[WHAT YOU NEED TO DO]:
From the line with "Character: 蚫" down to the final line of the material, please transcribe everything exactly, but leave the pictures out.

[DATA IN THIS EXERCISE]:
= Beginning of Section =

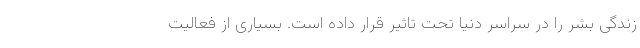
زندگیِ بشر را در سراسرِ دنیا تحت تاثیر قرار داده است. بسیاری از فعالیت
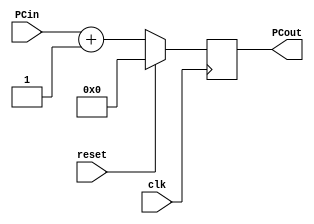
`timescale 1ns / 1ps
module ProgramCounter(clk, reset, PCin, PCout);

	input clk, reset;
	input [7:0] PCin;
	
	output reg [7:0] PCout;
	
	always @(posedge clk) begin
		if (reset == 1) 
			PCout = 0;
		else 
			PCout = PCin + 1; 
	end
endmodule
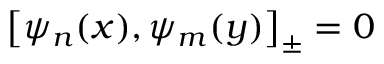
\left[ \psi _ { n } ( x ) , \psi _ { m } ( y ) \right] _ { \pm } = 0 \quad
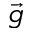
\vec { g }
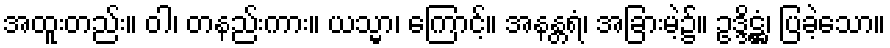
အထူးတည်း။ ဝါ၊ တနည်းကား။ ယသ္မာ၊ ကြောင့်။ အနန္တရံ၊ အခြားမဲ့၌။ ဥဒ္ဒိဋ္ဌံ၊ ပြခဲ့သော။
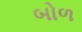
બોળ
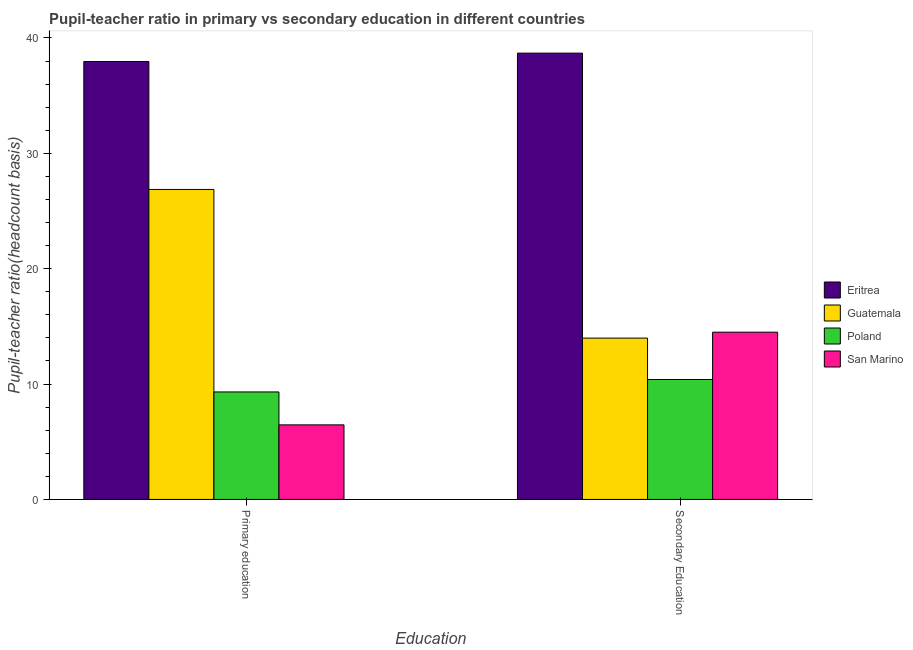
| Education | Eritrea | Guatemala | Poland | San Marino |
 | --- | --- | --- | --- | --- |
 | Primary education | 38 | 26.9 | 9.32 | 6.46 |
 | Secondary Education | 38.7 | 14 | 10.4 | 14.5 |
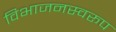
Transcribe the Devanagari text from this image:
विभाजनस्वरूप
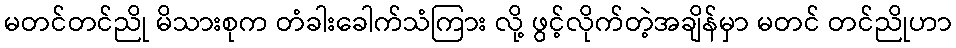
မတင်တင်ညို မိသားစုက တံခါးခေါက်သံကြား လို့ ဖွင့်လိုက်တဲ့အချိန်မှာ မတင် တင်ညိုဟာ
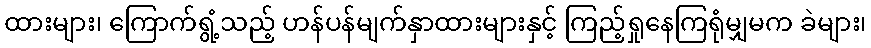
ထားများ၊ ကြောက်ရွံ့သည့် ဟန်ပန်မျက်နှာထားများနှင့် ကြည့်ရှုနေကြရုံမျှမက ခဲများ၊
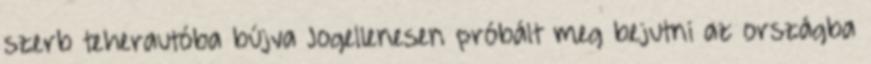
szerb teherautóba bújva Jogellenesen próbált meg bejutni az országba
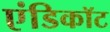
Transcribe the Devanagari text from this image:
एंडिकॉट
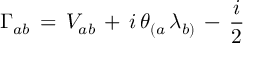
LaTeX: \Gamma _ { a b } \, = \, V _ { a b } \, + \, i \, \theta _ { ( a } \, \lambda _ { b ) } \, - \, \frac { i } { 2 }
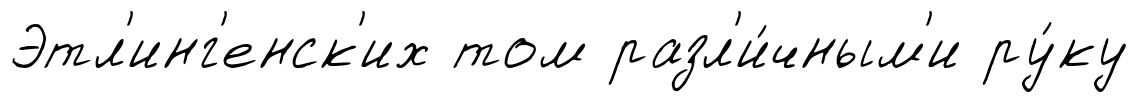
Этл'инг'енск'их том разл'и́чным'и ру́ку
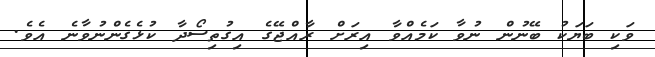
ވަކި ބަޔަކު ބޭނުން ނުވާ ކަމެއްވާ އިރަށް ރާއްޖޭގެ އިގުތިސޯދާ ކުޅެގެންނުވާނެ އެވެ.
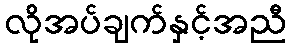
လိုအပ်ချက်နှင့်အညီ
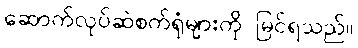
ဆောက်လုပ်ဆဲစက်ရုံများကို မြင်ရသည်။
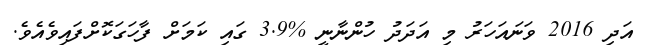
އަދި 2016 ވަނައަހަރު މި އަދަދު ހުންނާނީ %3.9 ގައި ކަމަށް ފާހަގަކޮށްފައިވެއެވެ.
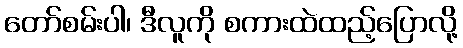
တော်စမ်းပါ၊ ဒီလူကို စကားထဲထည့်ပြောလို့
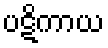
ပဋိကာယ
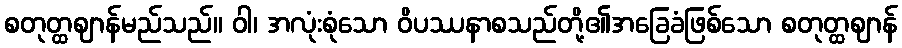
စတုတ္ထဈာန်မည်သည်။ ဝါ၊ အလုံးစုံသော ဝိပဿနာစသည်တို့၏အခြေခံဖြစ်သော စတုတ္ထဈာန်
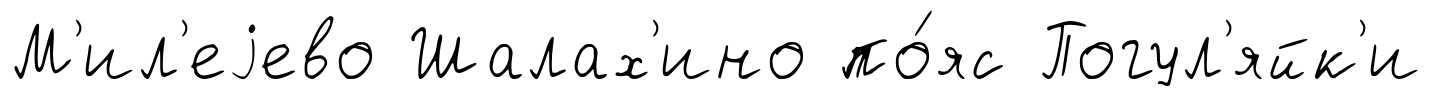
М'ил'еjево Шалах'ино по́яс Погул'яйк'и
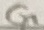
Text: G
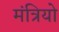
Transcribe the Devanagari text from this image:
मंत्रियो
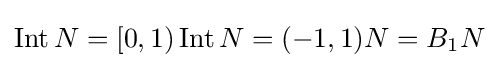
\operatorname {Int} N=[0,1)\operatorname {Int} N=(-1,1)N=B_{1}N
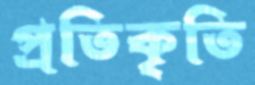
প্রতিকৃতি
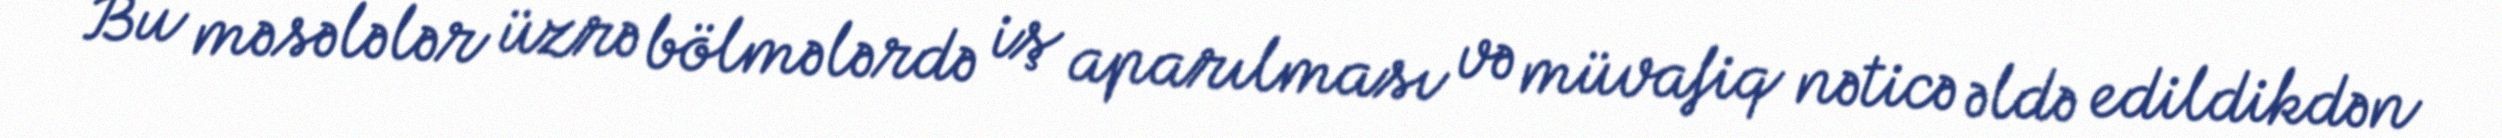
Bu məsələlər üzrə bölmələrdə iş aparılması və müvafiq nəticə əldə edildikdən
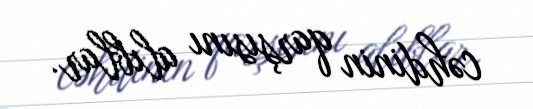
cəhdinin qarşısını alıblar.
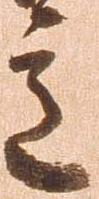
意
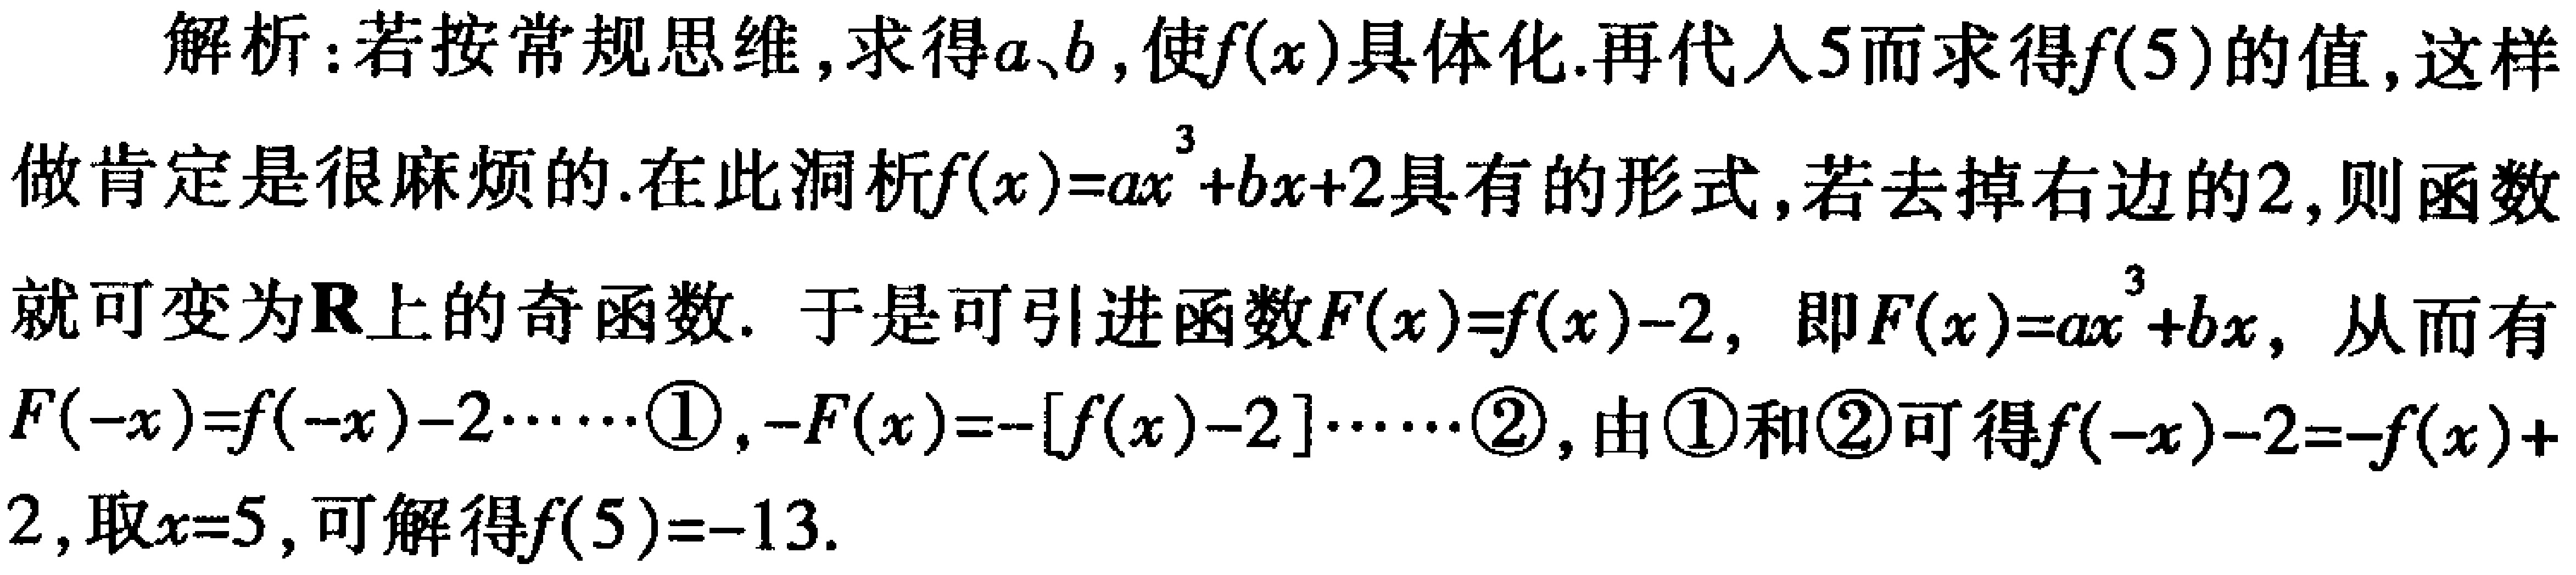
解析：若按常规思维，求得\(a\)、\(b\)，使\(f(x)\)具体化.再代入\(5\)而求得\(f(5)\)的值，这样做肯定是很麻烦的.在此洞析\(f(x)=ax^{3}+bx + 2\)具有的形式，若去掉右边的\(2\)，则函数就可变为\(\mathbb{R}\)上的奇函数. 于是可引进函数\(F(x)=f(x)-2\)，即\(F(x)=ax^{3}+bx\)，从而有\(F(-x)=f(-x)-2\cdots\cdots\textcircled{1}\)，\(-F(x)=-[f(x)-2]\cdots\cdots\textcircled{2}\)，由\(\textcircled{1}\)和\(\textcircled{2}\)可得\(f(-x)-2=-f(x)+2\)，取\(x = 5\)，可解得\(f(5)=-13\).
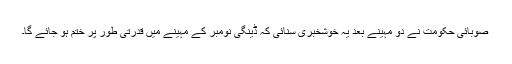
صوبائی حکومت نے دو مہینے بعد یہ خوشخبری سنائی کہ ڈینگی نومبر کے مہینے میں قدرتی طور پر ختم ہو جائے گا۔
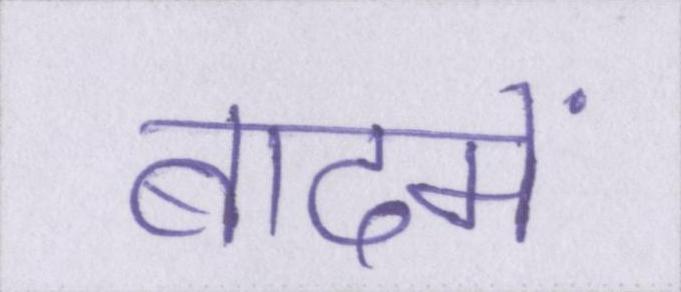
बादमें
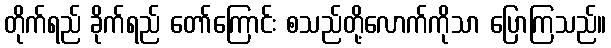
တိုက်ရည် ခိုက်ရည် တော်ကြောင်း စသည်တို့လောက်ကိုသာ ပြောကြသည်။
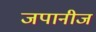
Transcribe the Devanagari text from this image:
जपानीज
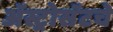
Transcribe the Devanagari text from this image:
ॲस्ट्रोसॅटचे
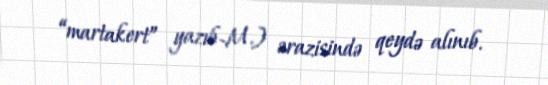
“martakert” yazıb-M.) ərazisində qeydə alınıb.
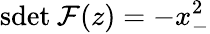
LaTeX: \mathrm{sdet}\: {\cal F}(z)=-x_{-}^{2}
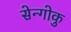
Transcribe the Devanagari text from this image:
सेन्गोकु
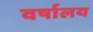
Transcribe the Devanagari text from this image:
वर्षालय
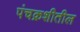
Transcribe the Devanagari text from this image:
पंचक्रशीतील
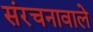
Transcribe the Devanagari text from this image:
संरचनावाले
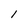
Character: l
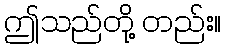
ဤသည်တို့ တည်း။
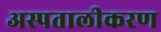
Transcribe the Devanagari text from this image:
अस्पतालीकरण
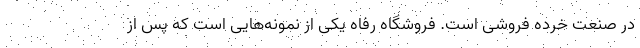
در صنعت خرده فروشی است. فروشگاه رفاه یکی از نمونه‌هایی است که پس از
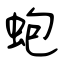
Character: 蚫
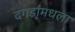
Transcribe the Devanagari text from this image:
दगडांमधला
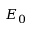
E _ { 0 }
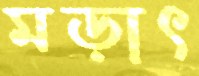
মড়াৎ
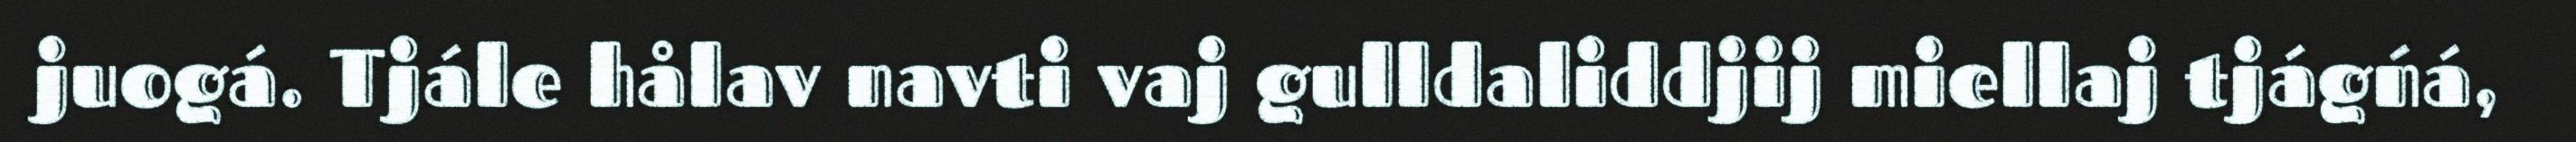
juogá. Tjále hålav navti vaj gulldaliddjij miellaj tjágńá,
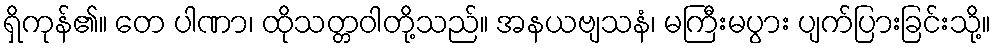
ရှိကုန်၏။ တေ ပါဏာ၊ ထိုသတ္တဝါတို့သည်။ အနယဗျသနံ၊ မကြီးမပွား ပျက်ပြားခြင်းသို့။
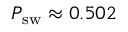
P _ { \mathrm { s w } } \approx 0 . 5 0 2
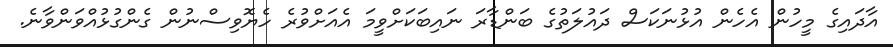
އާދައިގެ މީހުން އެހެން އުޅުނަކަސް ދައުލަތުގެ ބަންޑާރަ ނައިބަކަށްވީމަ އެއަށްވުރެ ހެޔޮވިސްނުން ގެންގުޅުއްވަންވާނެ.
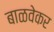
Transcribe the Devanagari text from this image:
बाळवेकर
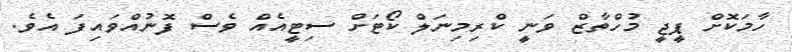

= End of Section =

[RESPONSE TO THIS EXERCISE]:
Character: 蚫
Transcribe the Devanagari text from this image:
दगडांमधला
E _ { 0 }
মড়াৎ
juogá. Tjále hålav navti vaj gulldaliddjij miellaj tjágńá,
ရှိကုန်၏။ တေ ပါဏာ၊ ထိုသတ္တဝါတို့သည်။ အနယဗျသနံ၊ မကြီးမပွား ပျက်ပြားခြင်းသို့။
P _ { \mathrm { s w } } \approx 0 . 5 0 2
އާދައިގެ މީހުން އެހެން އުޅުނަކަސް ދައުލަތުގެ ބަންޑާރަ ނައިބަކަށްވީމަ އެއަށްވުރެ ހެޔޮވިސްނުން ގެންގުޅުއްވަންވާނެ.
Transcribe the Devanagari text from this image:
बाळवेकर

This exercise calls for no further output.